Exercise instructions ▸ Pull out each line of the data that includes the word "unconsolidated".

** Opening Records for this exercise block **

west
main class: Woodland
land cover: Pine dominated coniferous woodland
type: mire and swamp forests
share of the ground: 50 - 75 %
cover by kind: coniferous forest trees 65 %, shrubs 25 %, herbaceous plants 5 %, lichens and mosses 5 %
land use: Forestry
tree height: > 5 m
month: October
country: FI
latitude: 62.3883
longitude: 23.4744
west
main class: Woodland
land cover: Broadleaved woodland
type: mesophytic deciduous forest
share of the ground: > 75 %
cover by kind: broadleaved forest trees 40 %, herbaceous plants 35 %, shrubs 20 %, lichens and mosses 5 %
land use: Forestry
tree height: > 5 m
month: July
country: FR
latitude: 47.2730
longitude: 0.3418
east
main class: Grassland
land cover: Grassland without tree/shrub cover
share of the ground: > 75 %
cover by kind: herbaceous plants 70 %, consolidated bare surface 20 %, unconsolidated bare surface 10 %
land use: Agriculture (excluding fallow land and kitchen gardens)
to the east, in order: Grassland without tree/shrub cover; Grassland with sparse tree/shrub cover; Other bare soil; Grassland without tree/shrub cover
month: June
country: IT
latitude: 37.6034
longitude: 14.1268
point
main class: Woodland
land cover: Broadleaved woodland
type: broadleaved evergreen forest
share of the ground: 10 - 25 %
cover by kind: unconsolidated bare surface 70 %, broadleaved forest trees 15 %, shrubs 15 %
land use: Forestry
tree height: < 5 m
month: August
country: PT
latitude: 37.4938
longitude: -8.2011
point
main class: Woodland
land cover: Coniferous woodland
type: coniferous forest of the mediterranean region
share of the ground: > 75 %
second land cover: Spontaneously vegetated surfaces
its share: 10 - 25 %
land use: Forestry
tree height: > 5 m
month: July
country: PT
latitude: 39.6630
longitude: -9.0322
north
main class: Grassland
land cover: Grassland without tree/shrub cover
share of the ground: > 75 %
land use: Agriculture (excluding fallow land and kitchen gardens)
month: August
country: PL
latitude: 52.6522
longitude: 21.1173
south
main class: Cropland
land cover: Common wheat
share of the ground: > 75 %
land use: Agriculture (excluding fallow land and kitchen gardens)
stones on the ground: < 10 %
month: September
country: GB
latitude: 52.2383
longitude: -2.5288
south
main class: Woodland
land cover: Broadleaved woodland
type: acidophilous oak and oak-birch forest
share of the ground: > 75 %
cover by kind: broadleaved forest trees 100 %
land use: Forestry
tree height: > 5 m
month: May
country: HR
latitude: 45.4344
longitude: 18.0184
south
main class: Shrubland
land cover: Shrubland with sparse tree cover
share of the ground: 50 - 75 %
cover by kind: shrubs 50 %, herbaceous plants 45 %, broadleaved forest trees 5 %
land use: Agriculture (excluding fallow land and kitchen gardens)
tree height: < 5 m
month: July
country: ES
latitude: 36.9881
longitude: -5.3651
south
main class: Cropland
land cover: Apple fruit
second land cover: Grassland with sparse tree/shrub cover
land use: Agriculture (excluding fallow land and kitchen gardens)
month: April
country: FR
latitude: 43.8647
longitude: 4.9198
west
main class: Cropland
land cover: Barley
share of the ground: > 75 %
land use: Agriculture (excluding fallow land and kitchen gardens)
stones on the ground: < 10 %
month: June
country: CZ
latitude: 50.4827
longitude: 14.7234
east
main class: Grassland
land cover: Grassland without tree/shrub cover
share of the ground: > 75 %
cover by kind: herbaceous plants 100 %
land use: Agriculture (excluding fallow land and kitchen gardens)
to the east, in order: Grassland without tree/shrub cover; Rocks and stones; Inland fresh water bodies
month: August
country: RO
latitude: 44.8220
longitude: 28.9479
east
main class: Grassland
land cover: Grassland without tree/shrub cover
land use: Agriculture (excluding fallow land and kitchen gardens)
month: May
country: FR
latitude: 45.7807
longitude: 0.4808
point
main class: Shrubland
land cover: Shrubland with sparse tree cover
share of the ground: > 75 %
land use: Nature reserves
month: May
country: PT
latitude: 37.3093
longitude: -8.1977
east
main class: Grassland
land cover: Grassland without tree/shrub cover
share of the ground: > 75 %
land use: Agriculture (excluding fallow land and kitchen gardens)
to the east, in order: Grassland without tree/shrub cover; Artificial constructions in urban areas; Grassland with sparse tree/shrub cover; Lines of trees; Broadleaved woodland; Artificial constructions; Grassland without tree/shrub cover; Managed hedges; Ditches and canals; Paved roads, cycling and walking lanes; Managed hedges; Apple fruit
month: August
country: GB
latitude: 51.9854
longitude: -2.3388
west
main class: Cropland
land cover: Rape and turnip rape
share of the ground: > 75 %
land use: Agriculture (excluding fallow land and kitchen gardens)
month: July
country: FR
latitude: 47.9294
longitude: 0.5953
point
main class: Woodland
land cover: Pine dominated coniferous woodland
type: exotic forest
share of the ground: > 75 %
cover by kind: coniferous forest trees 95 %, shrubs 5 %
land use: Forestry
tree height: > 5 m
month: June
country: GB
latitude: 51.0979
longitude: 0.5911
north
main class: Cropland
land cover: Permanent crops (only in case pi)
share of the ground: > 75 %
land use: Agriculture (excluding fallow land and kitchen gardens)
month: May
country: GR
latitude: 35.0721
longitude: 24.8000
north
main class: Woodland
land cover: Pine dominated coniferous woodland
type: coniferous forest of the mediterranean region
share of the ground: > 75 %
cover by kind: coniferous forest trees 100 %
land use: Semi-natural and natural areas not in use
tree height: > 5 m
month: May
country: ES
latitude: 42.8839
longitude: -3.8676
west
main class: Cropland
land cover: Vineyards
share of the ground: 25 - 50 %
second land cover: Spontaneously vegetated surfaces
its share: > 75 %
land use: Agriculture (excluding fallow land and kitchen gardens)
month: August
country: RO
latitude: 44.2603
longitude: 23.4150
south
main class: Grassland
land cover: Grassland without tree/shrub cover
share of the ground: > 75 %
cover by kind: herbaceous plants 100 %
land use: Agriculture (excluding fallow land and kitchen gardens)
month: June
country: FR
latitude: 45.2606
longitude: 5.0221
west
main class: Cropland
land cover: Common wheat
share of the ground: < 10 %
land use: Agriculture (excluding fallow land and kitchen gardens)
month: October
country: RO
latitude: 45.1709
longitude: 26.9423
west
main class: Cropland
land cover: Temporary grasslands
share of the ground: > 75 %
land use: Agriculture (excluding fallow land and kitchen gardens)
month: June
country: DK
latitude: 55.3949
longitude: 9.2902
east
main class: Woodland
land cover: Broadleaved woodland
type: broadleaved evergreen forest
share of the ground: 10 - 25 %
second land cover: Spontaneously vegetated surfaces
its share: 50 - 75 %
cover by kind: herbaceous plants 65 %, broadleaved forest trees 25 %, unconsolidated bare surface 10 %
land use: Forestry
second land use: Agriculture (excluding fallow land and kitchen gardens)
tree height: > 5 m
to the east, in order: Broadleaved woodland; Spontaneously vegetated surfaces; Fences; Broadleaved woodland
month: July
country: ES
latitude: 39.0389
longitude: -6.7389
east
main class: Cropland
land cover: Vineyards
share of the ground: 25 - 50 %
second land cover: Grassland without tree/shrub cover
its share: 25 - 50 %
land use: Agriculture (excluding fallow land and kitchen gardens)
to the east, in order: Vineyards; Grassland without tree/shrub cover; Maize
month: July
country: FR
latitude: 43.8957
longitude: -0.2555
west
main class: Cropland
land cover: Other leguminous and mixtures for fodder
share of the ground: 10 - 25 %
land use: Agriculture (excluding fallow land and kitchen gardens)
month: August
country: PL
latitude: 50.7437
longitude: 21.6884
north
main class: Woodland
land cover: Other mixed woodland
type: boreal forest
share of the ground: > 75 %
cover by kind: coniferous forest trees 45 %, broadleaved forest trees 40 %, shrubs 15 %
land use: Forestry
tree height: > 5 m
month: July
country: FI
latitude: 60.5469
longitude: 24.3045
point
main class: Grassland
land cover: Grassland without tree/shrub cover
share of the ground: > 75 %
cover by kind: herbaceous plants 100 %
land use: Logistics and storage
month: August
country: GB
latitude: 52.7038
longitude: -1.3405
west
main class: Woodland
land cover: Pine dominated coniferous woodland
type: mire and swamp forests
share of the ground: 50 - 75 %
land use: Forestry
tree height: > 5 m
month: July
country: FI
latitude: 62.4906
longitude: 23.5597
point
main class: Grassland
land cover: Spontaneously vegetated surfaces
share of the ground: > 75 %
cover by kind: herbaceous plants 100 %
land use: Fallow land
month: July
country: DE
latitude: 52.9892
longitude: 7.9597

** Closing Records for this exercise block **

Reply to the exercise ▸
cover by kind: herbaceous plants 70 %, consolidated bare surface 20 %, unconsolidated bare surface 10 %
cover by kind: unconsolidated bare surface 70 %, broadleaved forest trees 15 %, shrubs 15 %
cover by kind: herbaceous plants 65 %, broadleaved forest trees 25 %, unconsolidated bare surface 10 %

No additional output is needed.